PICP (Prediction Interval Coverage Probability)

Eval

PICP (Prediction Interval Coverage Probability)

Creado: Última actualización: Tiempo de lectura: 2 min
まとめ
  • PICP mide qué porcentaje de observaciones cae dentro del intervalo pronosticado para un nivel de confianza dado.
  • Genera límites inferior y superior, calcula PICP y el ancho del intervalo, y detecta problemas de calibración.
  • Combínalo con PINAW o MIS al evaluar pronósticos por intervalos en demanda, energía o gestión de riesgos.

1. Definición #

Con límites inferiores \(L_i\), superiores \(U_i\), observaciones \(y_i\) y cobertura objetivo \(\gamma\):

$$ \mathrm{PICP} = \frac{1}{n} \sum_{i=1}^n \mathbf{1}{ L_i \le y_i \le U_i } $$

Compara el PICP empírico con \(\gamma\) (por ejemplo 0.9) para comprobar la calibración.


2. Cálculo en Python #

import numpy as np

def picp(y_true: np.ndarray, lower: np.ndarray, upper: np.ndarray) -> float:
    """Prediction interval coverage probability."""
    inside = (y_true >= lower) & (y_true <= upper)
    return float(inside.mean())

coverage = picp(y_test, lower_bound, upper_bound)
print(f"PICP: {coverage:.3f}")

lower_bound y upper_bound provienen de un modelo que genera intervalos (regresión cuantílica, NGBoost, predicción conformal, etc.).


3. Interpretación #

  • PICP ≈ objetivo → intervalos bien calibrados.
  • PICP < objetivo → intervalos demasiado estrechos; aumenta cuantiles o la varianza.
  • PICP > objetivo → intervalos demasiado anchos; pueden ser excesivamente conservadores.

Revisa también el ancho; intervalos muy amplios pueden cumplir PICP sin aportar valor.

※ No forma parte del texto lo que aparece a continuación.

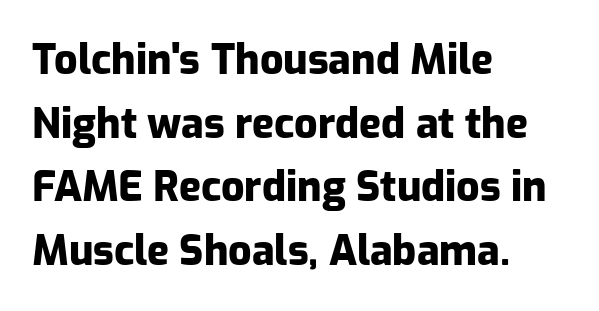
Q: Is the text bold? A: Yes.
Q: Is the text italic (slanted)? A: No, it is upright.
Q: Is the typeface a serif or a sans-serif typeface? A: Sans-serif.
Q: Is the text underlined? A: No.
Q: How is the paragraph aligned? A: Left-aligned.
Q: Is the spacing between letters normal or unusually wide? A: Normal.
Q: Is the spacing between lines tight, normal or loose? A: Normal.
Q: Width (condensed, normal, or wide)? A: Normal.
Q: Stroke contrast? A: Low.
Q: x-height? A: Medium.
Q: Monospaced? A: No.
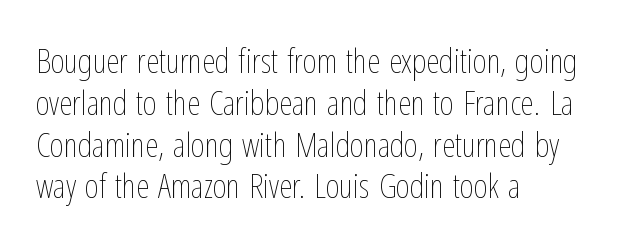
{"italic": "no", "bold": "no", "weight": "thin", "width": "condensed", "stroke_contrast": "low", "x_height": "medium", "monospaced": "no", "underline": "no", "align": "left", "line_spacing_ratio": 1.23, "letter_spacing": "normal", "letter_spacing_em": 0.0, "glyph_px": 34}
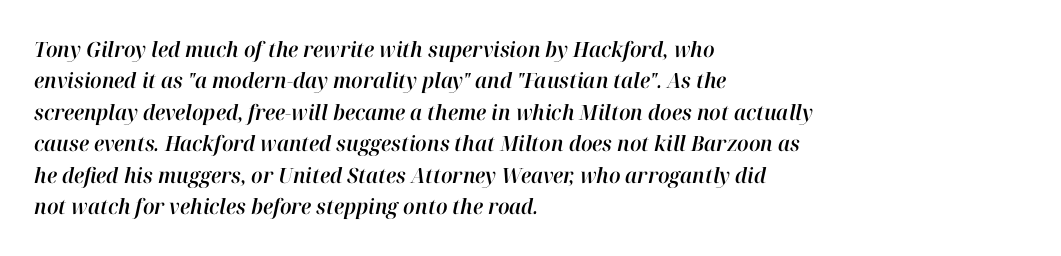
Nothing unusual about the tracking: characters are spaced as the font intends. In CSS terms this would be text-align: left. Is there much room between lines? A standard amount, neither cramped nor airy. Check under the words: just untouched page. Compared with ordinary roman type, these characters are visibly tilted.
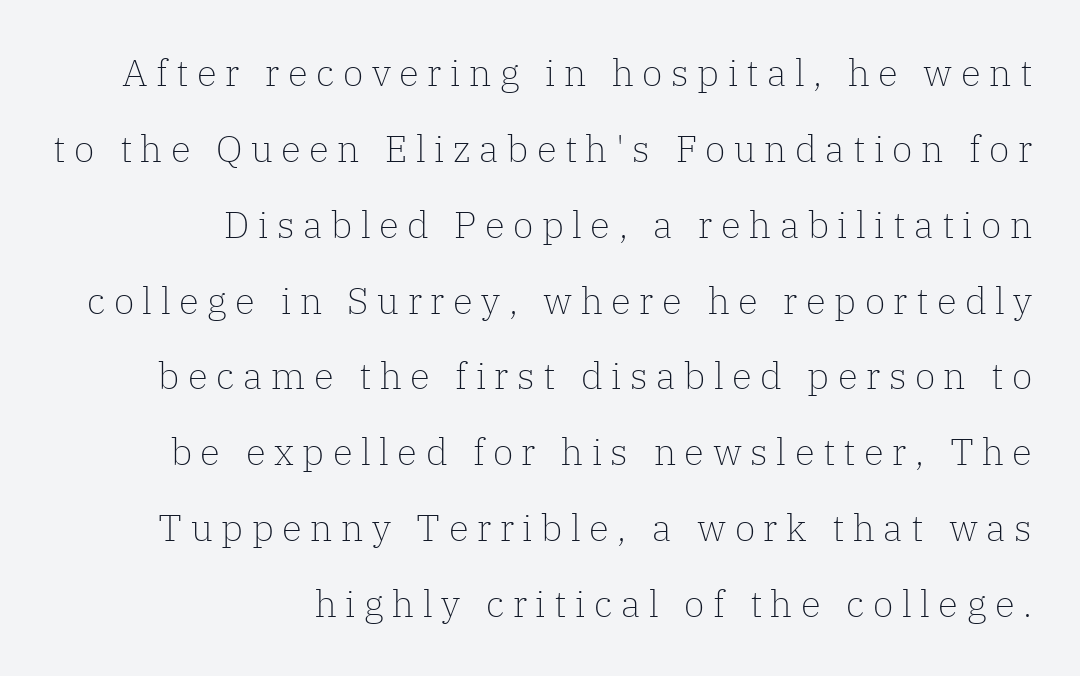
Rule under the text: the space is simply empty. This is the regular roman posture of the typeface. The letters advance in unequal steps, a hallmark of proportional type. Examine the stroke ends and you'll spot serifs. The characters are drawn with everyday or finer stroke widths.
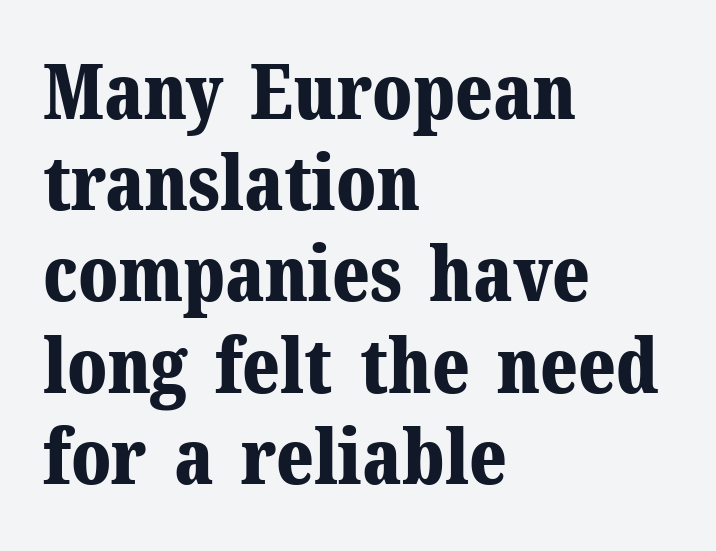
Designer's note — italics off, roman on. Does the type have serifs? Yes, each stem ends in a small foot. You could not count columns in this text — the font is proportionally spaced. A classic flush-left, rag-right setting is used for this passage. These lines keep a tight, regular rhythm from letter to letter.
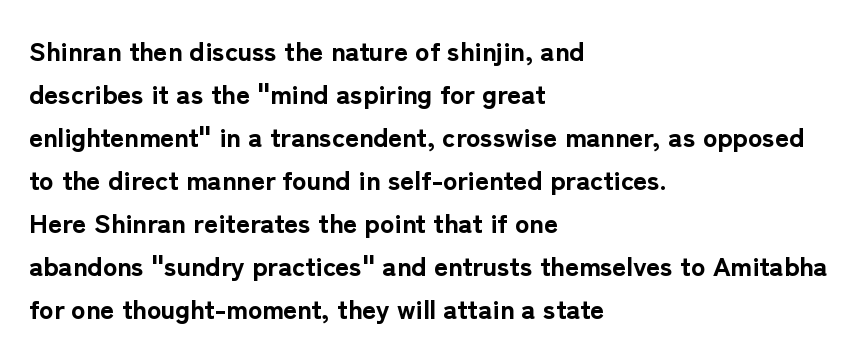
Typesetter's note: full bold, strokes at maximum text heaviness. Quick note: interline space is typical. Compared with a centered layout, this one pins lines to the left instead. Tall strokes in this sample are plumb rather than angled. The tracking reads as untouched default to a designer's eye. Has an underline been added? It has not.
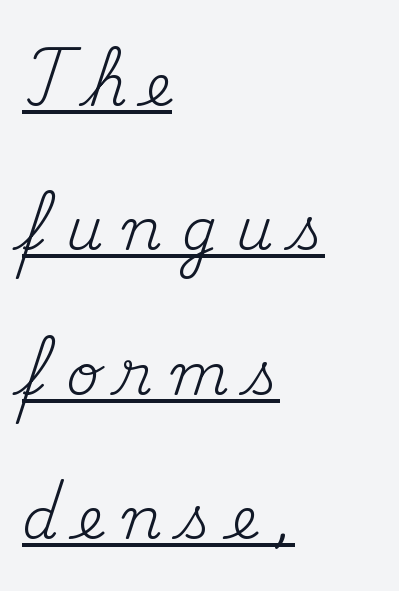
The characters are drawn with everyday or finer stroke widths. A typesetter would label this face a serif. Caption: expanded tracking, letters set apart. Visually the block forms a straight wall on the left and a jagged coastline on the right.
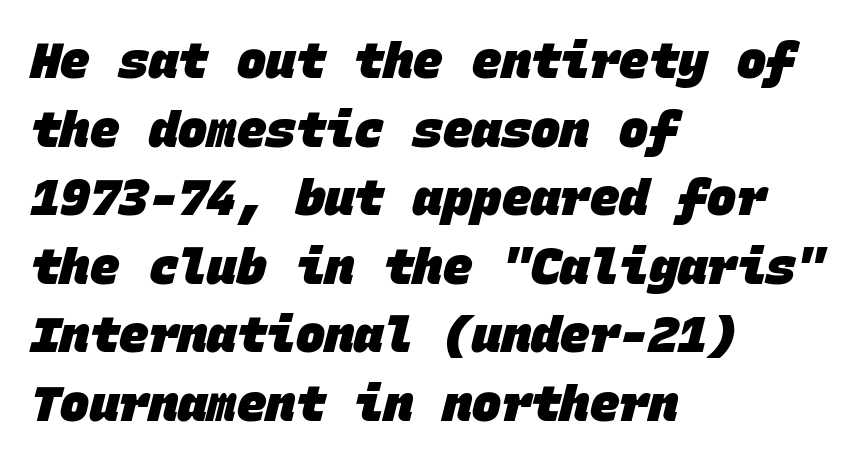
{"serif": "no", "bold": "yes", "weight": "heavy", "width": "normal", "stroke_contrast": "low", "x_height": "large", "monospaced": "yes", "underline": "no", "align": "left", "line_spacing": "normal", "line_spacing_ratio": 1.4, "letter_spacing": "normal", "letter_spacing_em": 0.0, "glyph_px": 49}
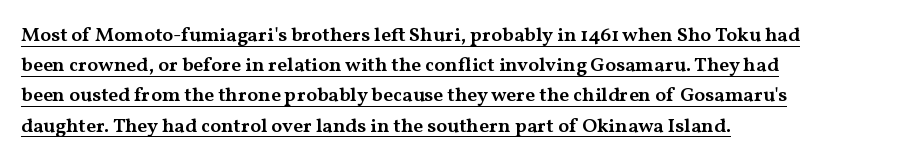
The image shows 20 px text type, upright; set left-aligned, normal line spacing (1.51x), normal letter spacing, underlined.
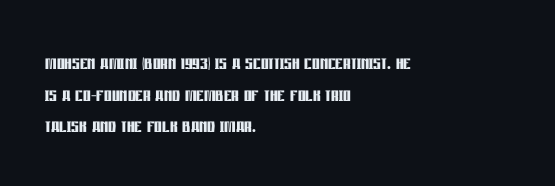
{"italic": "no", "bold": "yes", "underline": "no", "align": "left", "line_spacing": "normal", "line_spacing_ratio": 1.32, "letter_spacing": "normal", "letter_spacing_em": 0.0, "glyph_px": 24}

4. PINAW (ancho medio normalizado) #

$$ \mathrm{PINAW} = \frac{1}{nR} \sum_{i=1}^n (U_i - L_i) $$

Con \(R\) el rango de los datos. PICP + PINAW equilibran cobertura y precisión del intervalo.


5. Casos de uso #

  • Planificación de inventario: garantizar que intervalos al 90% logran los niveles de servicio deseados.
  • Pronóstico energético: evaluar bandas de confianza para balanceo de carga.
  • Riesgo financiero: similar al backtesting de Value at Risk (VaR) a un nivel de confianza dado.

Resumen #

  • PICP verifica que los intervalos pronosticados cumplan el nivel de fiabilidad planteado.
  • Combínalo con métricas de ancho (PINAW) o pinball loss para equilibrar calibración y agudeza.
  • Monitoriza PICP de forma periódica en modelos que entregan intervalos para preservar la confianza en sus predicciones.